Bibia PAVARD, Florence ROCHEFORT, Michelle ZANCARINI-FOURNEL, Les lois Veil – Un siècle d’histoire, La Découverte, 2024

L’ouvrage est le fruit de la collaboration de trois historiennes de générations différentes, spécialistes reconnus sur les mouvements féministes.

À l’occasion du cinquantenaire des lois Veil sur la contraception (1974) et l’avortement (1975), les éditions La Découverte publient, en poche, un ouvrage paru en 2012 chez Armand Colin. Cette édition « entièrement mise à jour intègre les savoirs et analyses produits par de récents travaux et se justifie par l’actualité de l’avortement en France et dans le monde ». Le livre intègre aussi un nouveau chapitre sur les départements d’outre-mer qui permet de sortir de l’Hexagone.

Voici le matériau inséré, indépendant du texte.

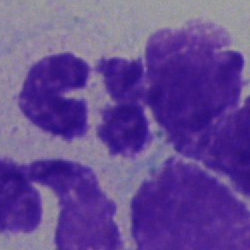Single-cell crop from a bone marrow smear: segmented neutrophil.
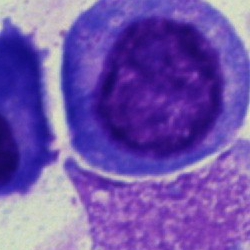Cell type: promyelocyte.
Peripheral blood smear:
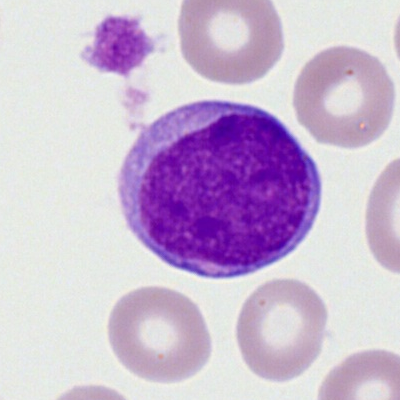

{"cell_type": "myeloid blast", "lineage": "myeloid"}
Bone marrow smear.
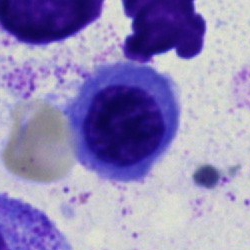 Cell type: normoblast.
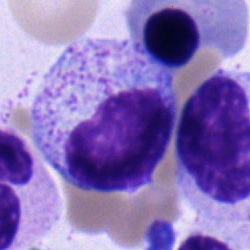Q: What cell is this?
A: It is a myelocyte.
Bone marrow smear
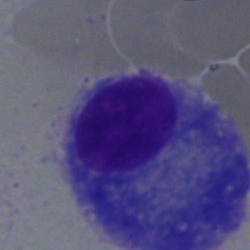

Cell type: plasma cell.
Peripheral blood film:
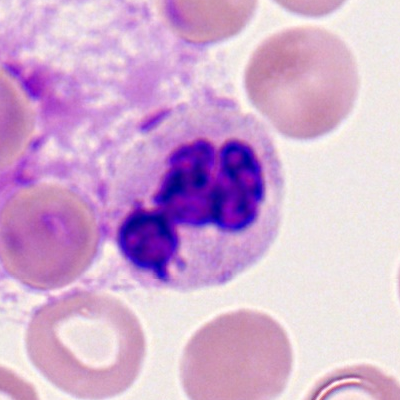

Morphology consistent with a neutrophil (segmented).
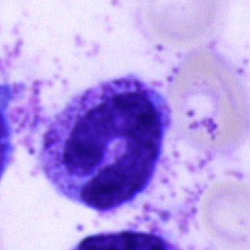
Q: What is shown here?
A: This is a stab cell.
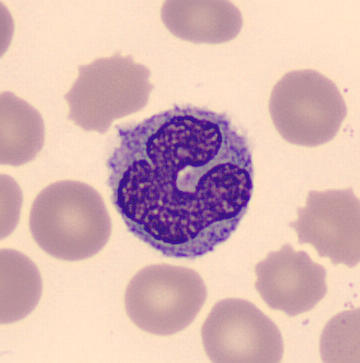

Morphological class — monocyte.
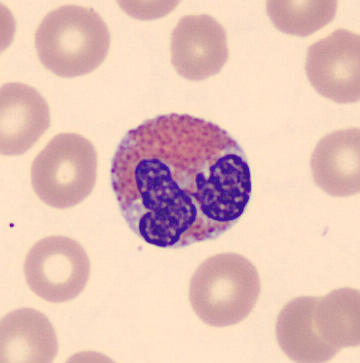Eosinophil.
Acquisition: Peripheral blood film · single-cell field.
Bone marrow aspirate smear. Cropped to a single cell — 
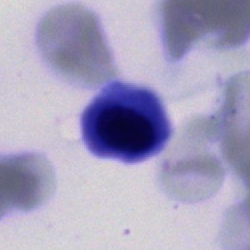

Cell = unidentifiable cell.
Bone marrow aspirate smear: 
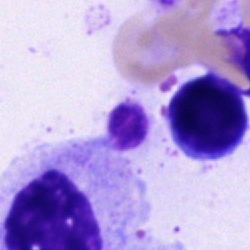

Q: Which cell type is shown here?
A: This is an unidentifiable cell.
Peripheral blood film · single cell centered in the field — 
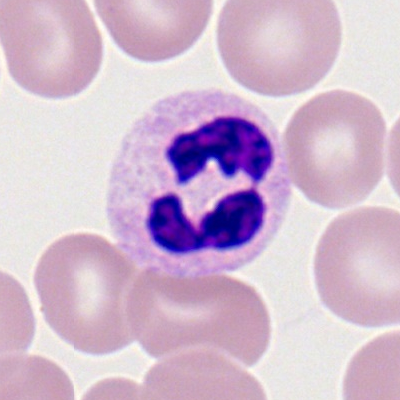Specimen: peripheral blood smear.
Classification: polymorphonuclear neutrophil.
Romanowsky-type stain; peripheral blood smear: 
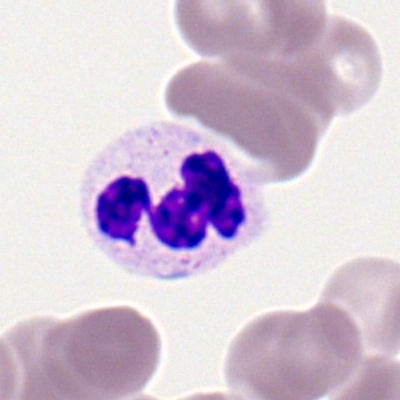
A polymorphonuclear neutrophil.
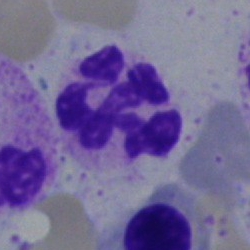Morphology — neutrophil (segmented).
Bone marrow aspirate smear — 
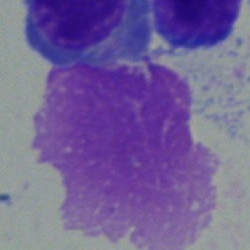 Q: What is shown here?
A: This is an artefact.
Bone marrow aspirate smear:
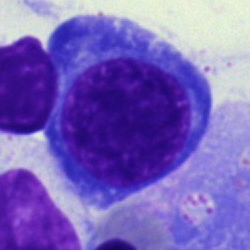 Classification — nucleated red blood cell.
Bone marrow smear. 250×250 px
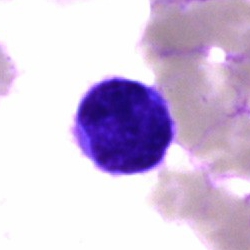

Impression — typical lymphocyte.
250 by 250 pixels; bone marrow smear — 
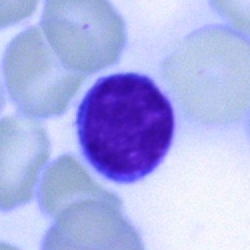Morphology — typical lymphocyte.
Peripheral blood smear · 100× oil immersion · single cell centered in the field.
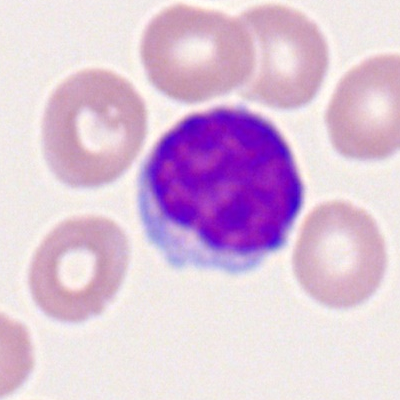
The cell shown is a lymphocyte.
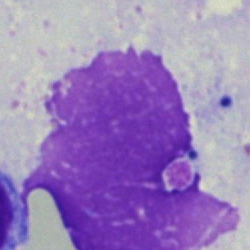Single cell identified as an artefact.
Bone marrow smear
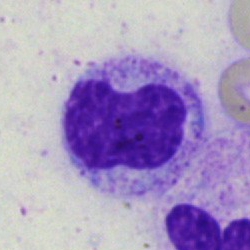

The cell shown is a metamyelocyte.
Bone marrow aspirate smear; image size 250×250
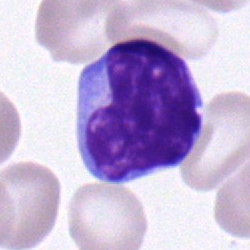 The cell is typical lymphocyte.
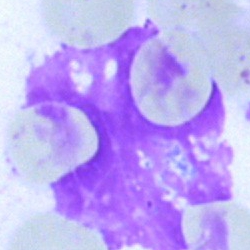Cell type = artefact.
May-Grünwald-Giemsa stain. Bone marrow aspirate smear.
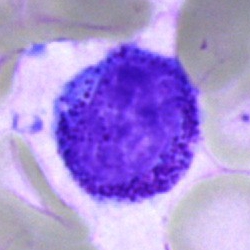

This is a promyelocyte.
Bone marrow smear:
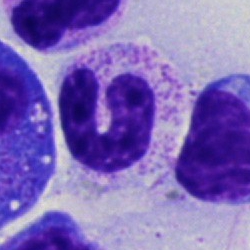 Morphological class = stab cell.
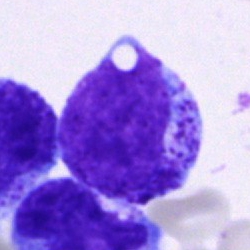

Cell — promyelocyte.
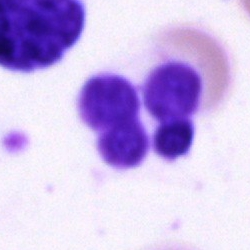Q: What is shown here?
A: This is a polymorphonuclear neutrophil.
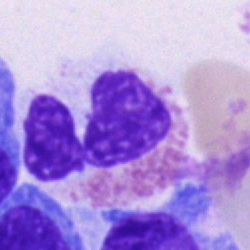
Q: What cell is this?
A: Eosinophil.
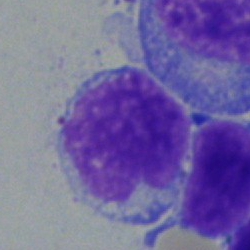 Classification = lymphocyte.
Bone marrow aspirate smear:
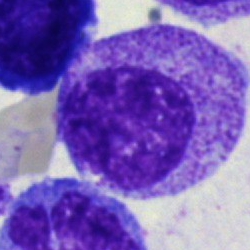

Showing a myelocyte.
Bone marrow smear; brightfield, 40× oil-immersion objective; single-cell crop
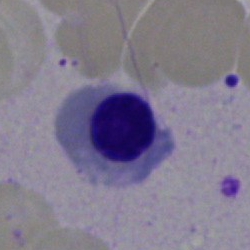Morphology — nucleated red cell.
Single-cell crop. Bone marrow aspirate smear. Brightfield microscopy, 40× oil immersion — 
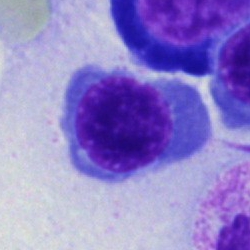 Specimen: bone marrow aspirate smear.
Morphological class: erythroblast.
Lineage: erythroid.
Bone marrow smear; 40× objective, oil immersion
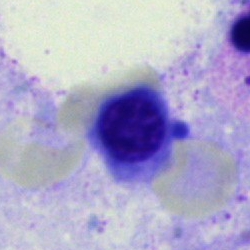 Morphology → normoblast.
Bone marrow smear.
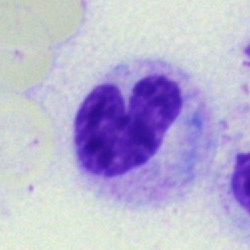The cell type is neutrophil (band).
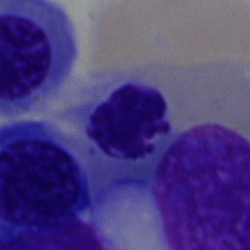 Impression → nucleated red blood cell.
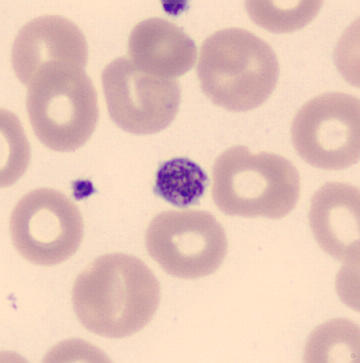 A platelet (thrombocyte).
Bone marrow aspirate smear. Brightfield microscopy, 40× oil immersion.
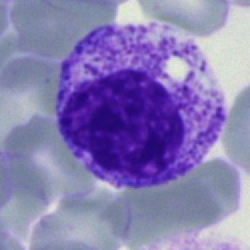

Specimen: bone marrow aspirate smear.
Morphological class: myelocyte.
Lineage: myeloid.
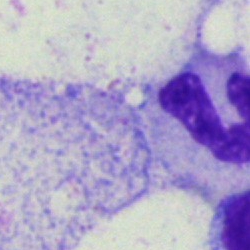
Q: What is shown here?
A: This is an artifact.
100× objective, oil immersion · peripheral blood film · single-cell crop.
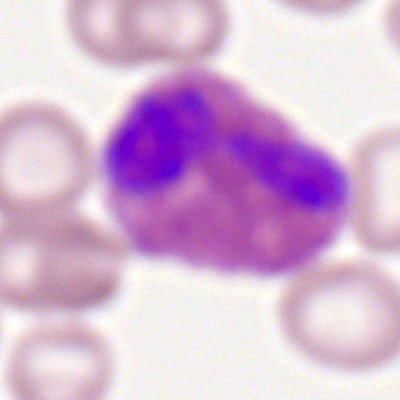 Single cell identified as an eosinophilic granulocyte.
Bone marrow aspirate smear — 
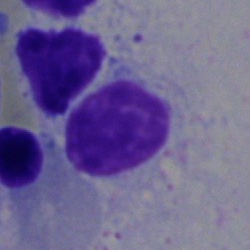Artefact.
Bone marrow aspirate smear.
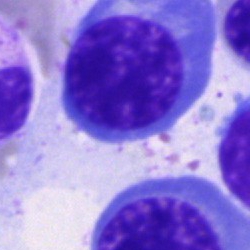
The cell is nucleated red blood cell.
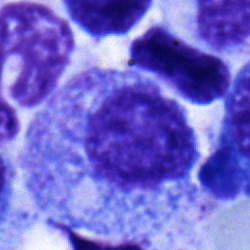

Classification = promyelocyte.
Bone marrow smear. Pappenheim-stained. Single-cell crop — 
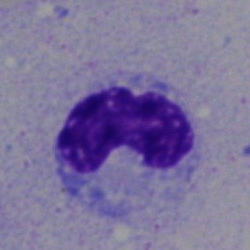

Morphology → stab cell.
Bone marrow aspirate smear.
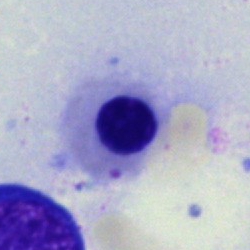Showing a nucleated red blood cell.
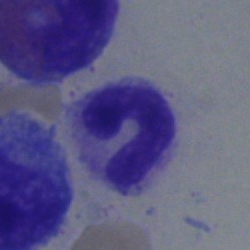Cell type = neutrophil (band).
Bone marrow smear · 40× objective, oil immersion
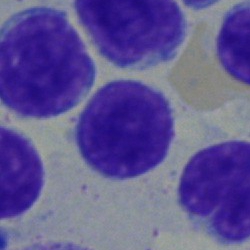 Morphology consistent with a typical lymphocyte.
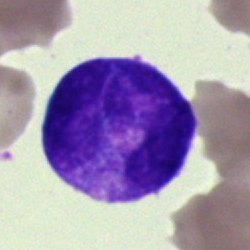
Impression → blast.
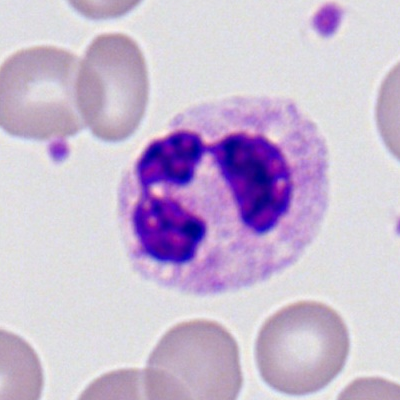

Q: What cell is this?
A: This is a segmented neutrophil.
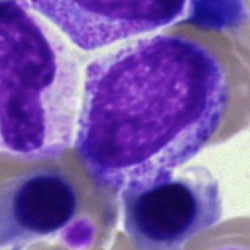The cell is myelocyte.
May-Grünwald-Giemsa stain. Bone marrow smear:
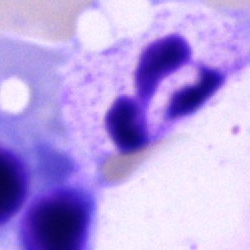 Classification: neutrophil (segmented).
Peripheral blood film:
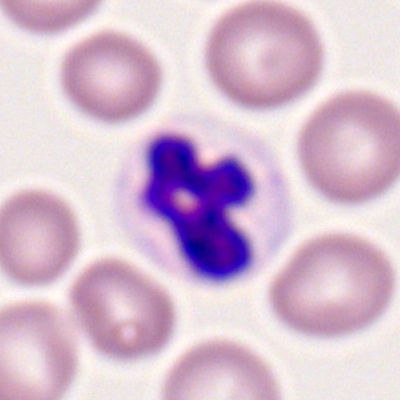The cell type is polymorphonuclear neutrophil.
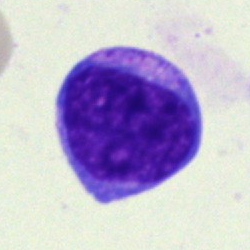Specimen: bone marrow smear.
Cell type: undifferentiated blast.
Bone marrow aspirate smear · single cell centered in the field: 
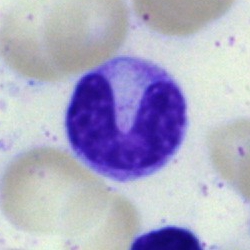

{"cell_type": "band-form neutrophil"}
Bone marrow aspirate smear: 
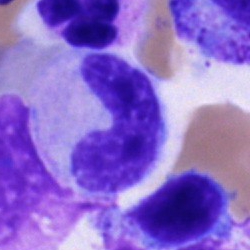

The cell is neutrophil (band).
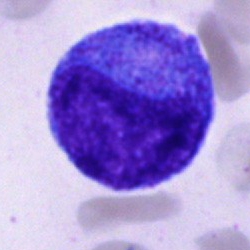Promyelocyte.
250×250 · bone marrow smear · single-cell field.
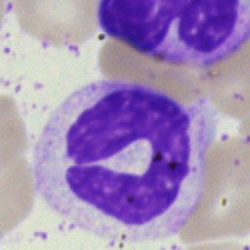 Morphology consistent with a stab cell.
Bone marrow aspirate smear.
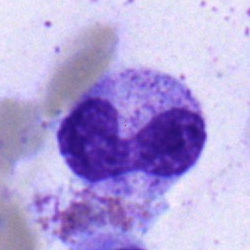

Single cell identified as a neutrophil (band).
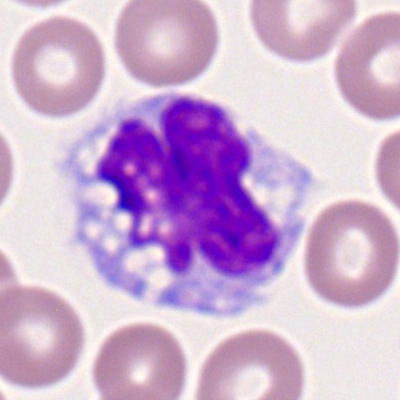
The cell is monocyte.
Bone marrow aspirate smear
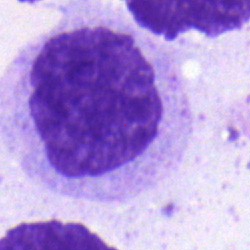
Q: What is shown here?
A: Myelocyte.
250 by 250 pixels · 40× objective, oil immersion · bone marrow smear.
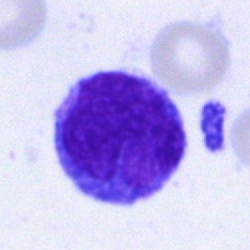

Classification = typical lymphocyte.
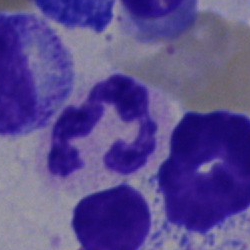 Impression — polymorphonuclear neutrophil.
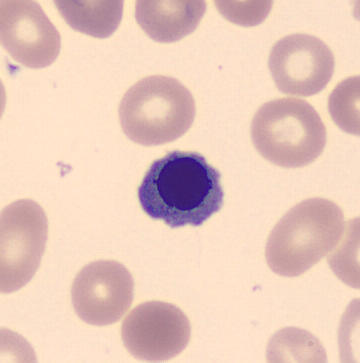
Showing a normoblast.
Peripheral blood smear; cropped to a single cell.
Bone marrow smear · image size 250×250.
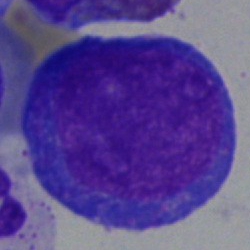

Specimen: bone marrow aspirate smear.
Morphological class: proerythroblast.

Pour les autrices, il s’agit de faire l’histoire d’un événement et d’inscrire celui-ci dans la longue durée. Mais aussi d’articuler l’action d’une femme, Simone Veil, avec la lutte collective des mouvements féministes en faveur des droits à la contraception et à l’Interruption volontaire de grossesse. Le rôle important des médias dans ce combat est souligné mais aussi le fait que ces derniers ont, en fait, révélé des changements de mentalités à l’œuvre dans le domaine de l’intime. Enfin, les autrices entendent montrer les avancées permises par ces lois mais aussi les combats poursuivis, après 1975, pour élargir le droit des femmes à disposer de leur corps.

Jean-Yves LE NAOUR, Catherine VALENTI, Histoire de l’avortement (XIXe-XXe siècle), Paris, Le Seuil, coll. « L’univers historique »), 2003

En 2003, Jean-Yves Le Naour et Catherine Valenti proposent un ouvrage ambitieux par son propos : faire une histoire de l’avortement depuis le milieu du XIXe jusqu’à la fin du XXe siècle. L’idée force du livre tient donc dans sa longue durée : un siècle et demi durant lequel la question de l’avortement fut au centre de débats tant politiques, que juridiques, économiques et sociaux. Composé de manière chronologique, l’ouvrage reprend l’évolution de la perception de l’avortement en prenant soin de confronter à chaque fois les différents points de vue.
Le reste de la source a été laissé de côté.